_Records from a collection_.
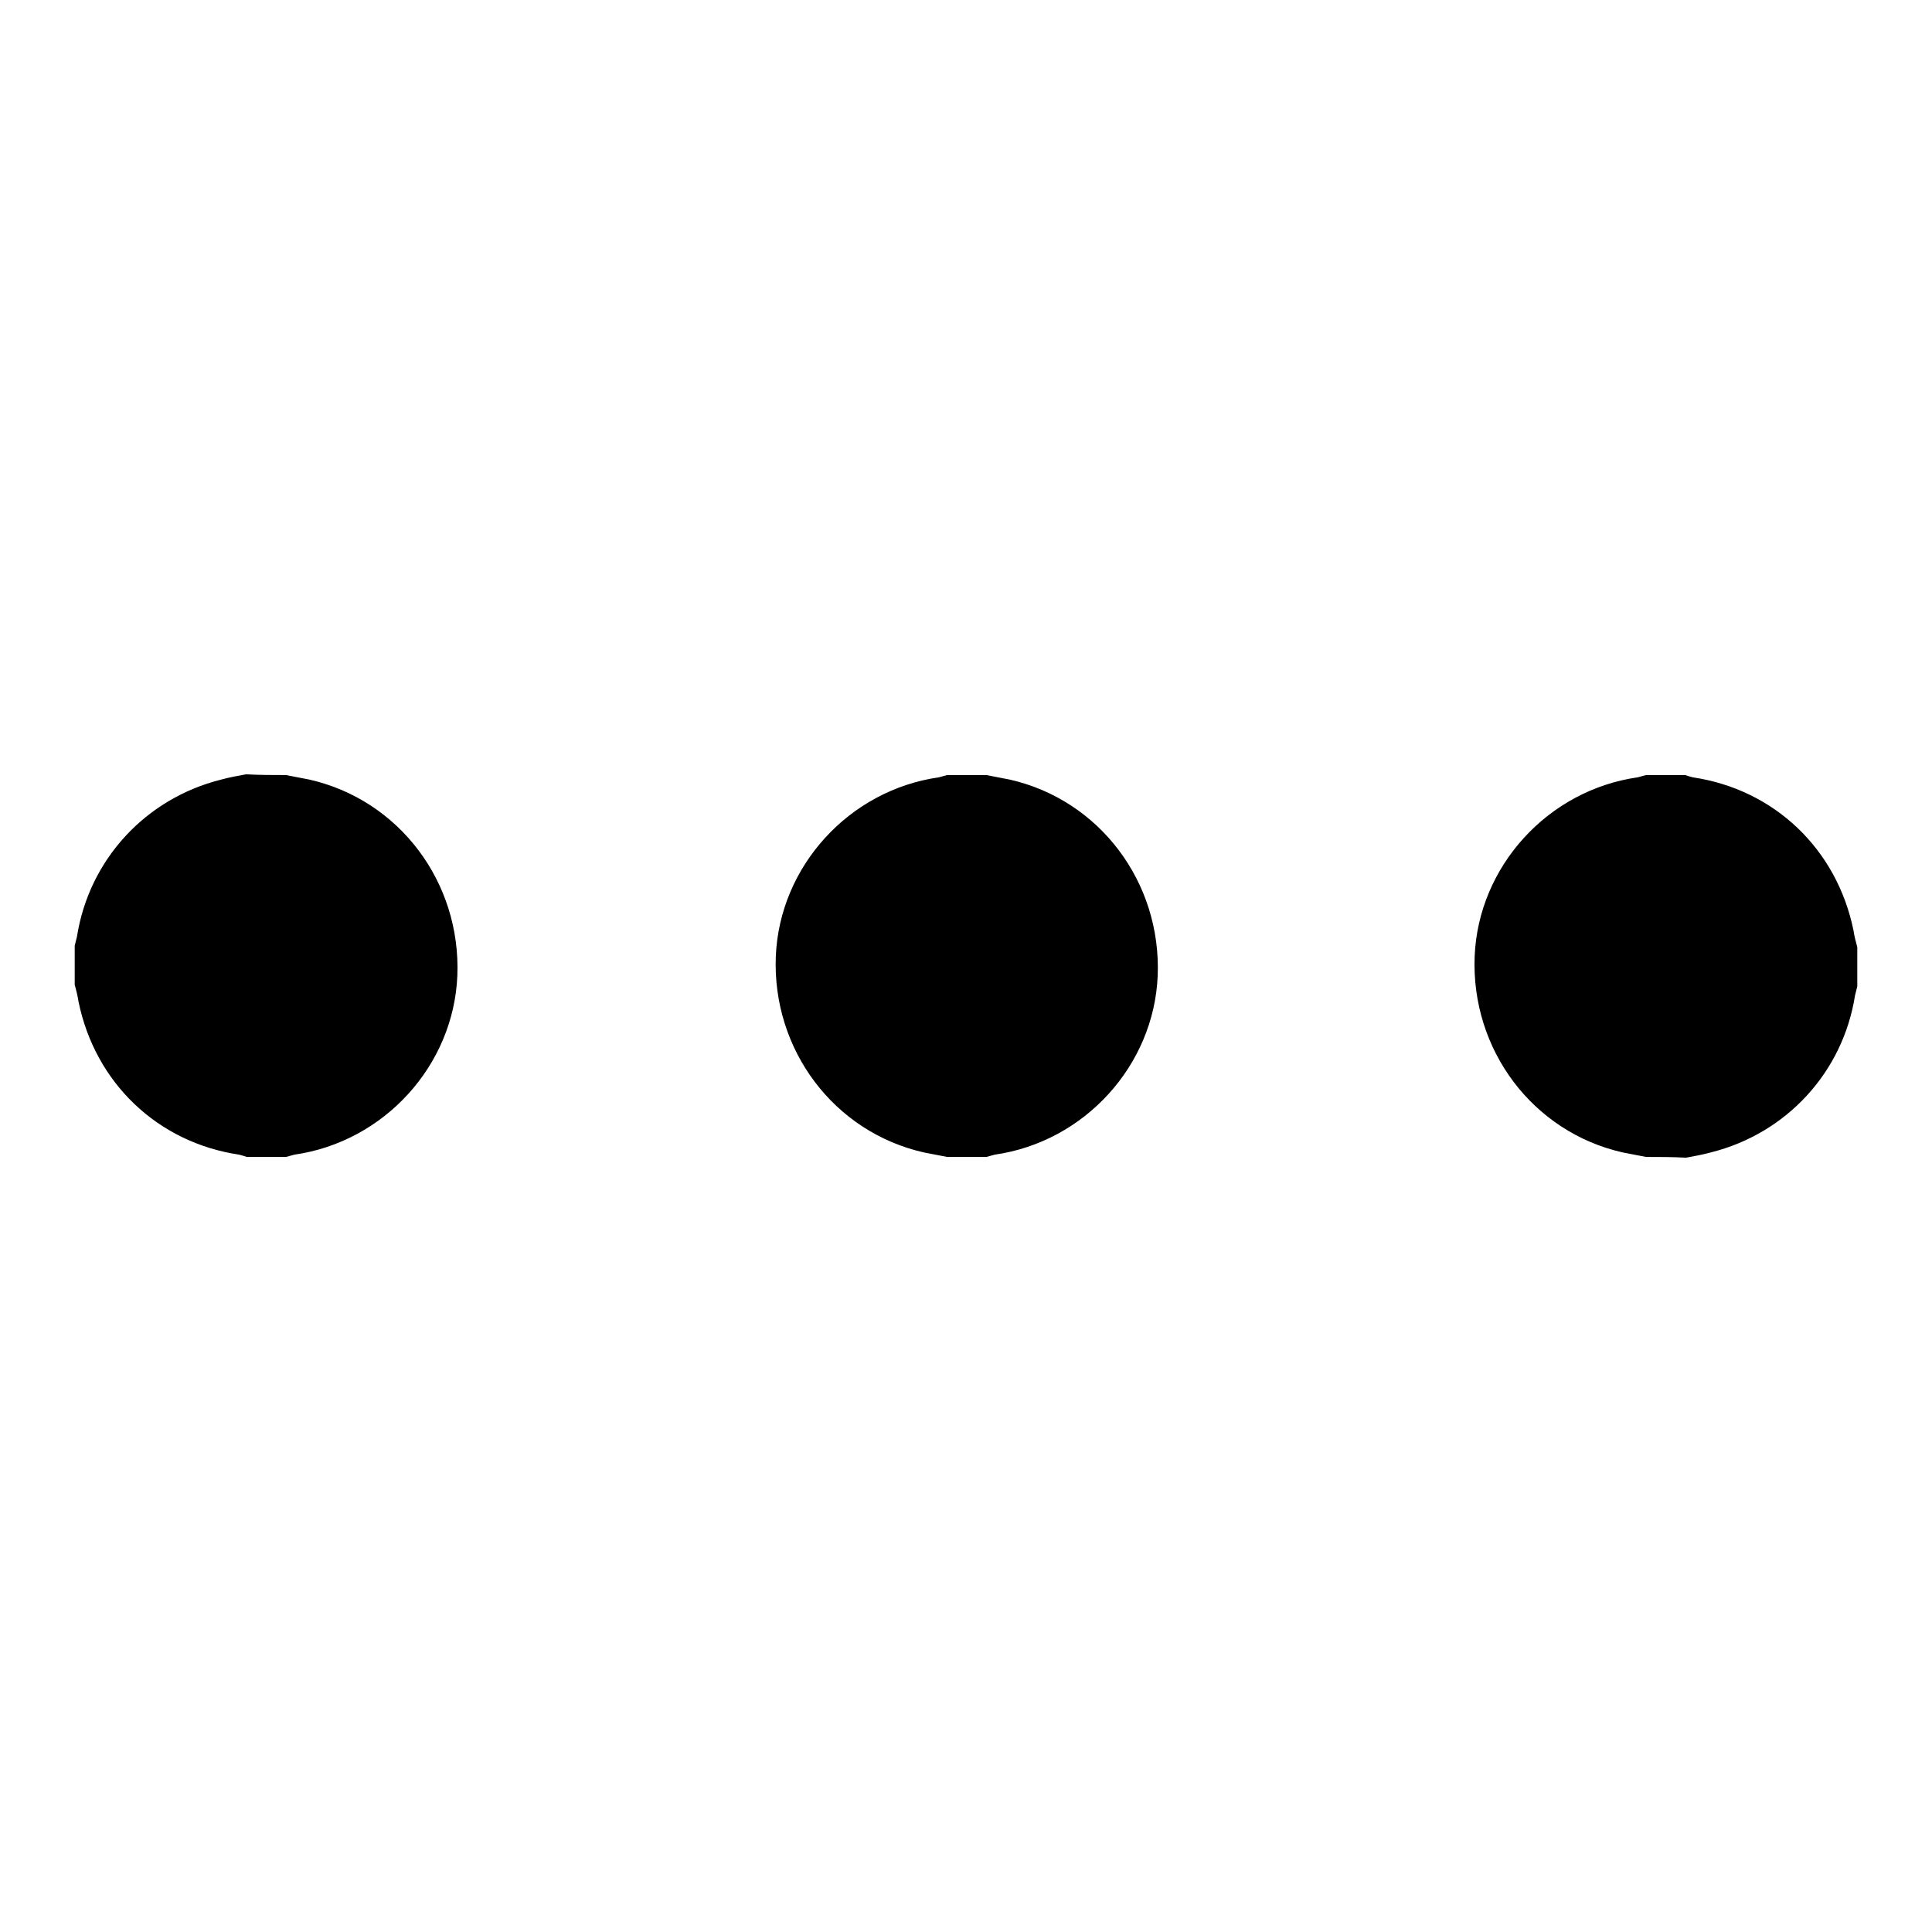 <?xml version="1.0" encoding="utf-8"?>
<!-- Svg Vector Icons : http://www.onlinewebfonts.com/icon -->
<!DOCTYPE svg PUBLIC "-//W3C//DTD SVG 1.1//EN" "http://www.w3.org/Graphics/SVG/1.1/DTD/svg11.dtd">
<svg version="1.1" xmlns="http://www.w3.org/2000/svg" xmlns:xlink="http://www.w3.org/1999/xlink" x="0px" y="0px" viewBox="0 0 256 256" enable-background="new 0 0 256 256" xml:space="preserve">
<g> <path fill="#000000" d="M37.9,102.7c1,0.2,2.1,0.4,3.1,0.6c11.9,2.7,20.1,13.6,19.6,26c-0.5,11.9-9.7,22-21.6,23.7 c-0.4,0.1-0.7,0.2-1.1,0.3h-5.2c-0.3-0.1-0.6-0.2-1-0.3c-10.8-1.6-19.1-9.5-21.3-20.3c-0.1-0.7-0.3-1.5-0.5-2.2v-5.2 c0.1-0.4,0.2-0.8,0.3-1.2c1.6-10.2,9.1-18.3,19.1-20.8c1.1-0.3,2.2-0.5,3.3-0.7C34.4,102.7,36.2,102.7,37.9,102.7z M125.5,153.3 c-1-0.2-2.1-0.4-3.1-0.6c-11.9-2.7-20.1-13.6-19.6-26c0.5-11.9,9.7-22,21.6-23.7c0.4-0.1,0.7-0.2,1.1-0.3h5.2 c1,0.2,2.1,0.4,3.1,0.6c11.9,2.7,20.1,13.6,19.6,26c-0.5,11.9-9.7,22-21.6,23.7c-0.4,0.1-0.7,0.2-1.1,0.3H125.5L125.5,153.3z  M218.1,153.3c-1-0.2-2.1-0.4-3.1-0.6c-11.9-2.7-20.1-13.6-19.6-26c0.5-11.9,9.7-22,21.6-23.7c0.4-0.1,0.7-0.2,1.1-0.3h5.2 c0.3,0.1,0.6,0.2,1,0.3c10.8,1.6,19.1,9.5,21.3,20.3c0.1,0.7,0.3,1.5,0.5,2.2v5.2c-0.1,0.4-0.2,0.8-0.3,1.2 c-1.6,10.2-9.1,18.3-19.1,20.8c-1.1,0.3-2.2,0.5-3.3,0.7C221.6,153.3,219.8,153.3,218.1,153.3L218.1,153.3z"/></g>
</svg>

_TASK GOAL_. Scan the entries above and work out how many lines include the word "http"; the reply is that number alone.

_TASK OUTPUT_. 3